Scalable-Softmax, ASEntmax, and Critical Attention Scaling primarily contribute proposed solutions (temperature scaling, sparse attention, etc.), rather than pure verification that long-context attention dilution exists. Their existence indirectly confirms the problem is real, but saying they "verified" it is imprecise. The main text has been revised to "analyze and attempt to address."
[Erratum 3] GSM-Infinite's applicable scope
GSM-Infinite tests mathematical reasoning tasks (a long-context variant of GSM8K). Its "reasoning ability degrades monotonically with context length" conclusion is strictly verified only within mathematical reasoning.
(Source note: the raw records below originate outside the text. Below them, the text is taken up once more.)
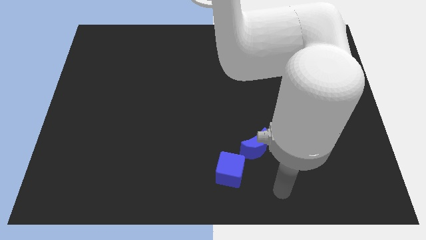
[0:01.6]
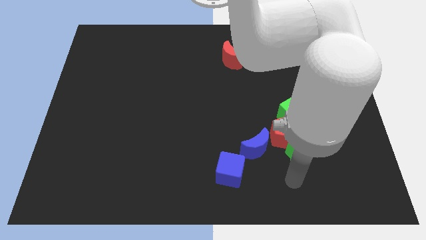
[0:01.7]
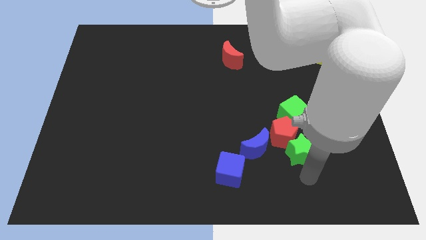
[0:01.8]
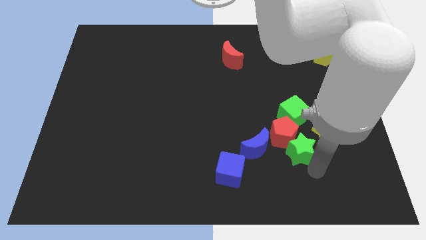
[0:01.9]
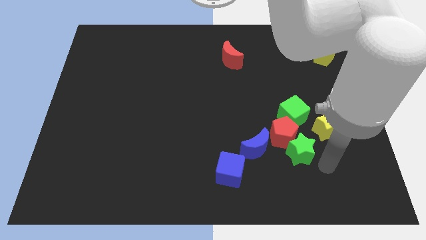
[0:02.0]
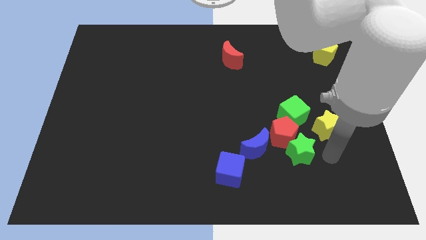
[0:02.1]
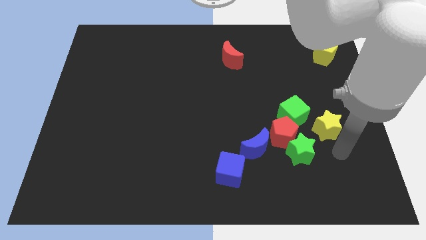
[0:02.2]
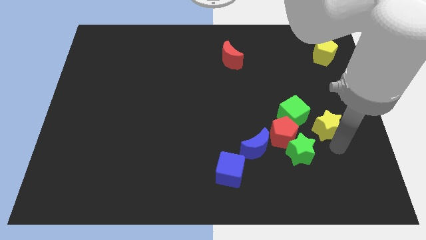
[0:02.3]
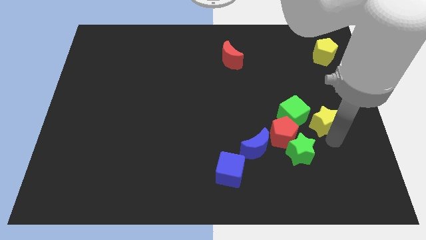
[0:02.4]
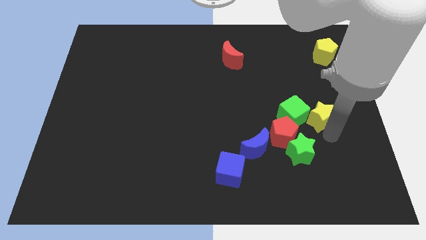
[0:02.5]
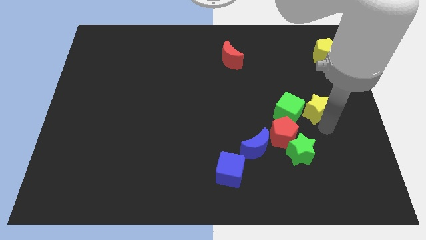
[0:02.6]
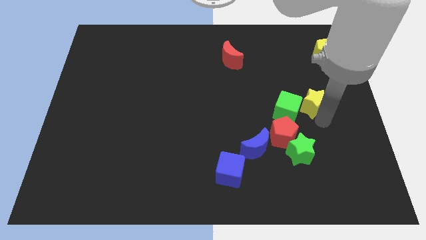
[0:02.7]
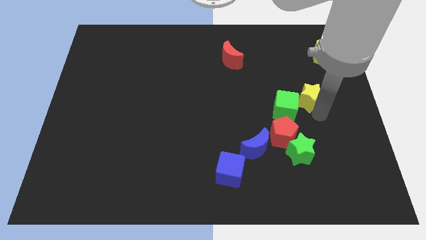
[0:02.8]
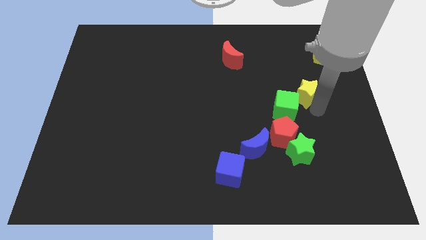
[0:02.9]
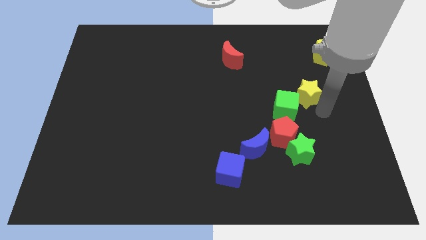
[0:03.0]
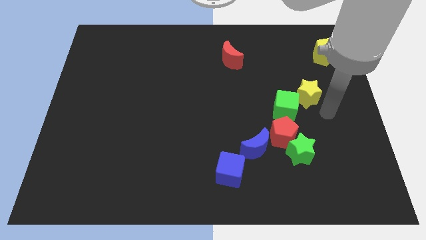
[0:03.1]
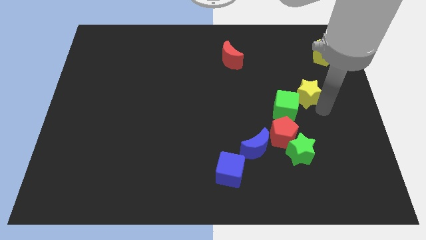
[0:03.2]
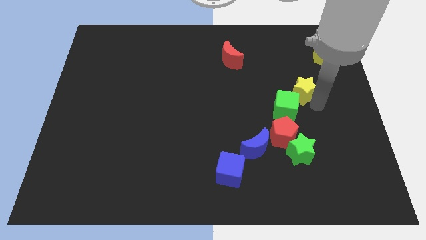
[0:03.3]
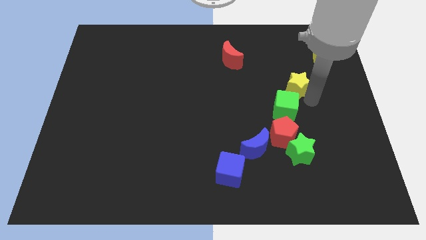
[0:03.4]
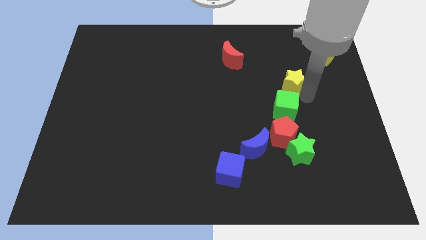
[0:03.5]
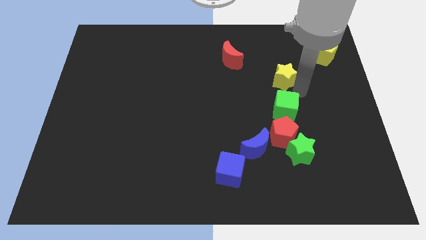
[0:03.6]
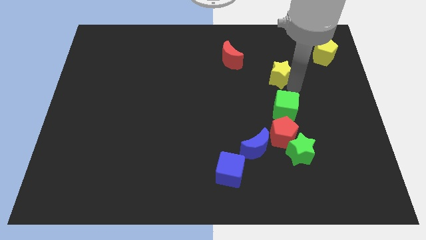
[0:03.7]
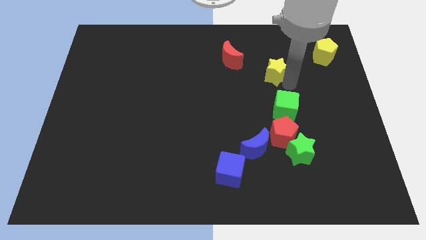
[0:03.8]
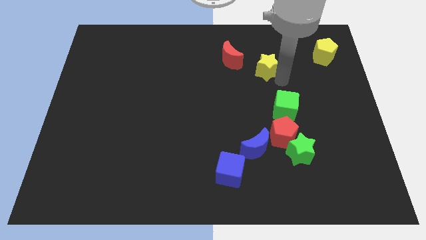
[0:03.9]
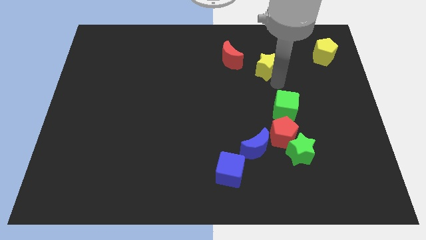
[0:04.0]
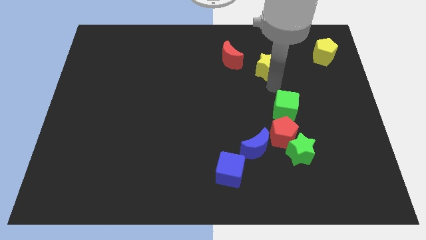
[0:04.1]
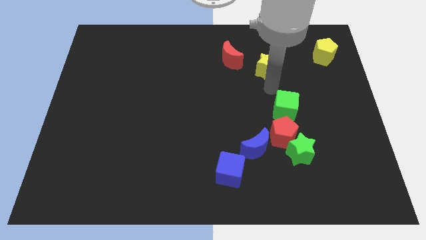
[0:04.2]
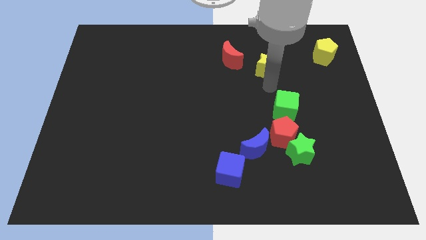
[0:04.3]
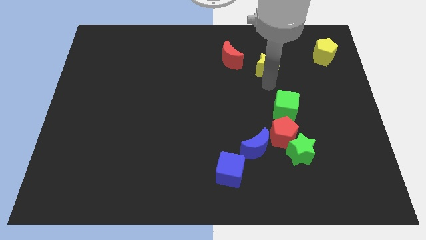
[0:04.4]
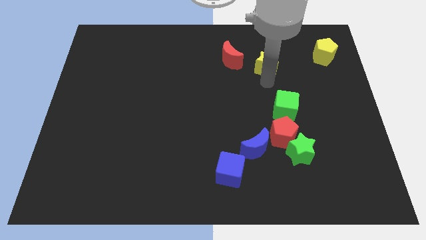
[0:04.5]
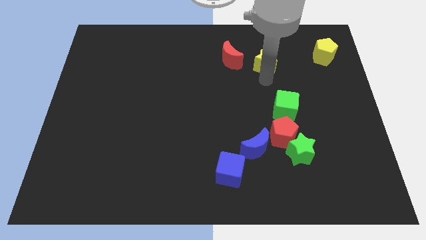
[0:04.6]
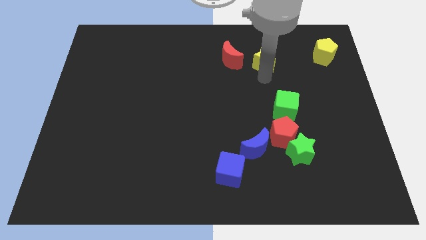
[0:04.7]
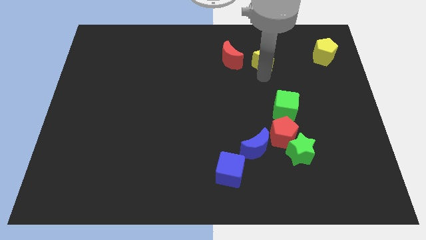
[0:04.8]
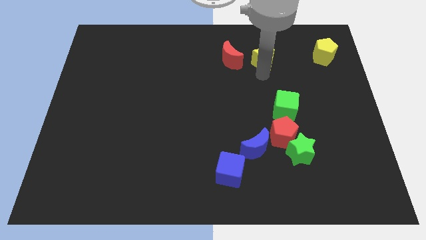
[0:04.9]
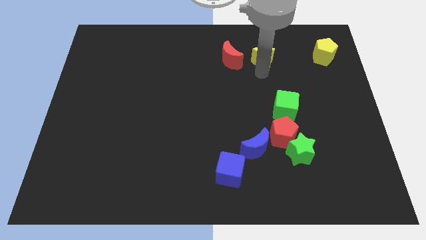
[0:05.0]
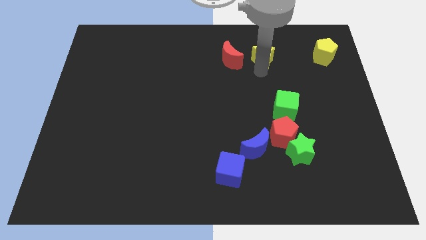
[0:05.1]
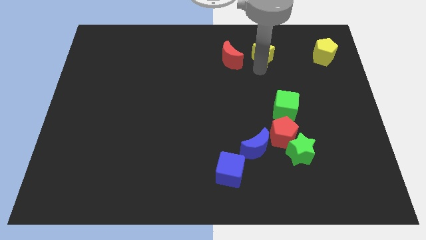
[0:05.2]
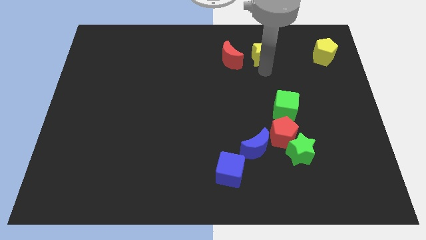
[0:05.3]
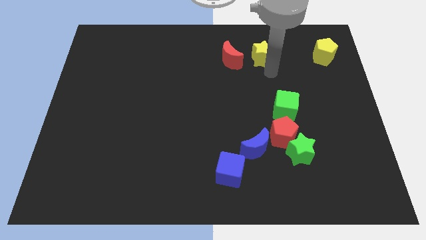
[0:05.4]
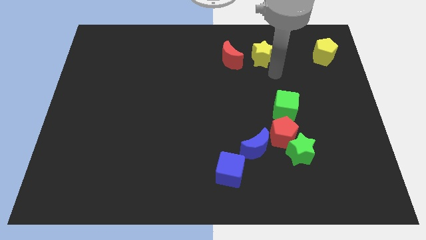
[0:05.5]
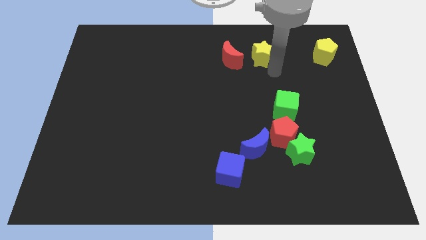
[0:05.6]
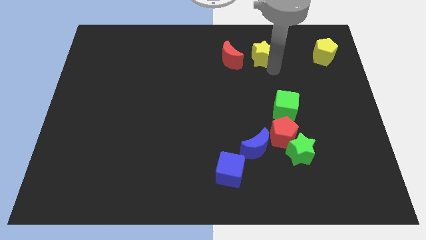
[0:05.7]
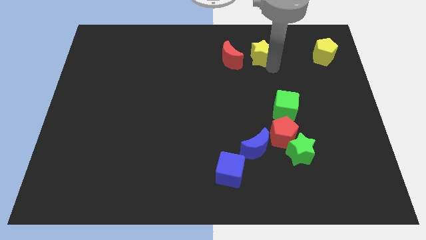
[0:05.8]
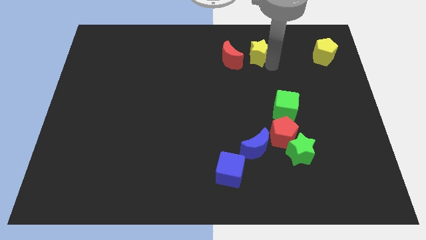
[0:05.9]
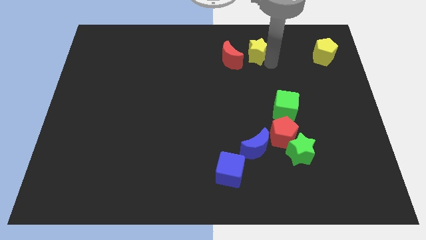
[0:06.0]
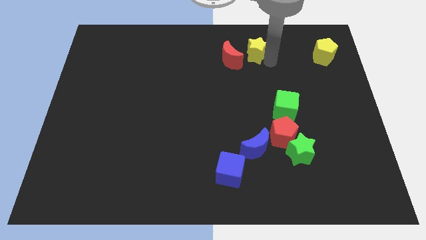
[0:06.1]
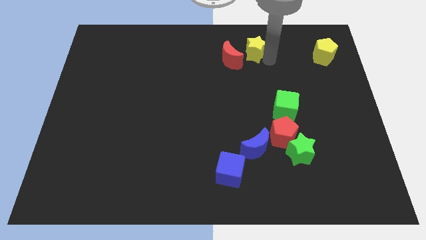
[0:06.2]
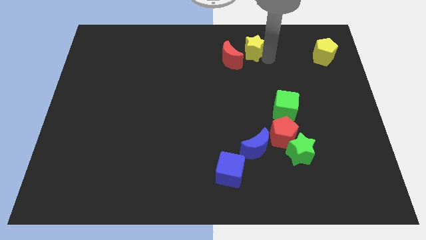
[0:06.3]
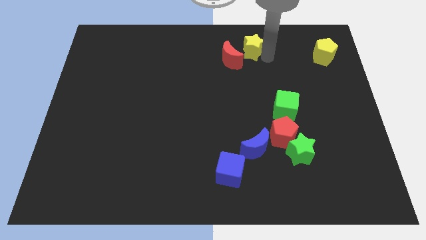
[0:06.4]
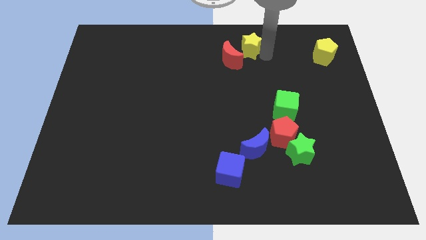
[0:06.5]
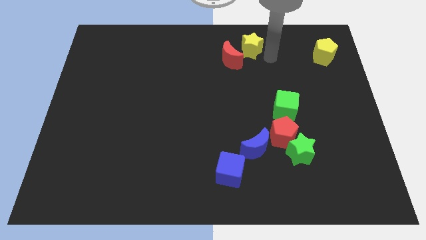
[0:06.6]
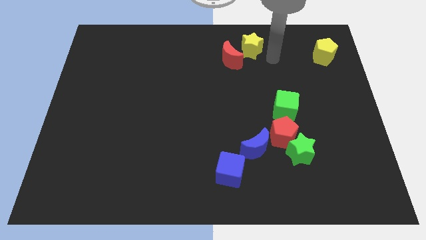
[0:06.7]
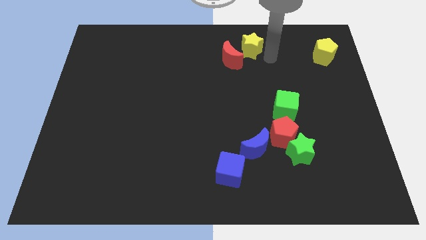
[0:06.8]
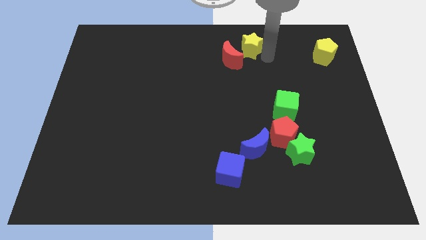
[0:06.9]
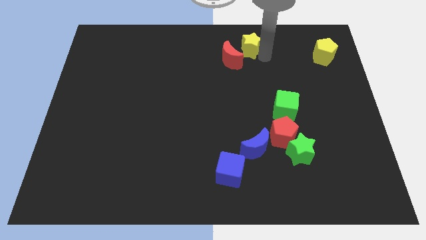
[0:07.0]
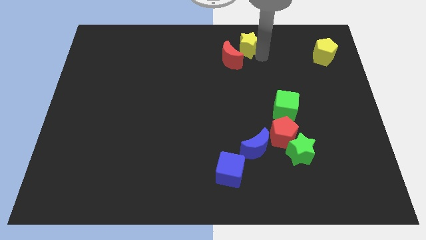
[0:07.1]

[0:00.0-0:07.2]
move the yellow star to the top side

Directly generalizing to all types of reasoning requires caution, but combined with "Context Length Alone Hurts" and other research, negative effects of long context on reasoning ability appear to be broadly present.
[Erratum 4] AlphaGo evolution path
The AlphaGo series evolved as: AlphaGo Fan (2015, defeated Fan Hui) → AlphaGo Lee (2016, defeated Lee Sedol) → AlphaGo Master (2017, 60-game winning streak) → AlphaGo Zero (2017, pure self-play). Only AlphaGo Zero was completely independent of human game data, starting from random initialization with pure self-play training. All prior versions used human game data for supervised pre-training. The original text's vague phrasing could mislead readers into thinking this was gradual improvement of one system, when Zero was actually a fundamental redesign of both architecture and training methodology.
[Erratum 5] "Surpassed the Lee Sedol version in 3 days"
This claim comes directly from the DeepMind paper (Silver et al., 2017) and the data is correct. However, note that AlphaGo Zero was trained on a single machine with 4 TPUs — not consumer-grade hardware. "3 days" can give the impression of effortless dominance; in reality it was the result of intensive dedicated hardware investment. Additionally, the 3-day milestone surpassed AlphaGo Lee (the version that defeated Lee Sedol); it took a full 40 days of training to surpass all previous versions.